Eine gute Nachricht gibt es zwar: Plastikgranulat, das für viele Kunststoffe als Ausgangsmaterial dient und einst tonnenweise aus Containern im Meer landete, findet sich dort heute viel weniger. Das liege vor allem an den Kosten, die den Firmen durch das verlorene Granulat entstehen, schreiben die Autoren.

Doch die Gesamtmenge an Plastik in der holländischen Nordsee ist seit 30 Jahren nahezu unverändert: Während das Granulat weniger wurde, stieg die Menge an sogenanntem Verbraucher-Plastik aus Schiffsabfällen und der Fischerei.

Dies sei auch die Quelle für den Müll in den übrigen Nordsee-Regionen, schreiben die Forscher. Zwar ist es Reedereien seit Jahren verboten, Müll ins Meer zu kippen. Doch die Entsorgung in den Häfen kostet Geld, und die Kontrollen seien lasch, kritisiert der Greenpeace-Meeresexperte Thilo Maack.

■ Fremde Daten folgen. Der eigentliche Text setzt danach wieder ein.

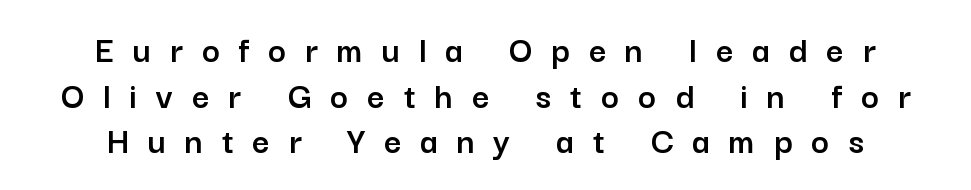
{"serif": "no", "italic": "no", "width": "normal", "stroke_contrast": "low", "x_height": "medium", "monospaced": "no", "underline": "no", "align": "center", "line_spacing_ratio": 1.2, "letter_spacing": "wide", "letter_spacing_em": 0.5, "glyph_px": 38}
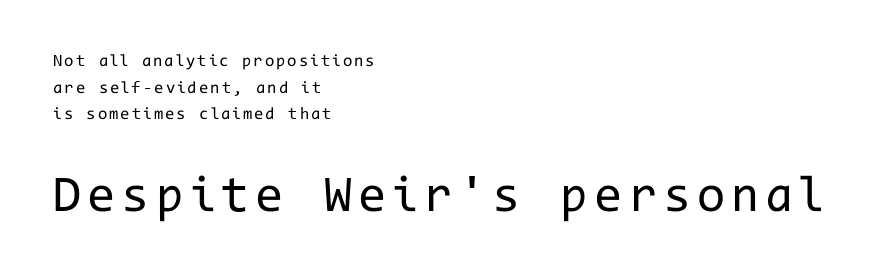
{"serif": "no", "italic": "no", "bold": "no", "weight": "regular", "width": "normal", "stroke_contrast": "low", "x_height": "medium", "monospaced": "yes", "underline": "no", "align": "left", "line_spacing": "normal", "line_spacing_ratio": 1.56, "larger_block": "second", "size_ratio": 3.0, "glyph_px": 51}

Außerdem trägt laut den Autoren vor allem die Fischerei zur Plastikvermüllung bei. "Sogenannte Geisternetze sind ein Riesenproblem", sagt auch Maack. Fischer lassen Kunststoffnetze bis in 1000 Meter Tiefe hinab. Dort gehen viele Netze verloren und treiben fortan im Meer. Auch würden beschädigte Bojen und andere Kunststoff-Gegenstände im Wasser entsorgt, vermutet Maack.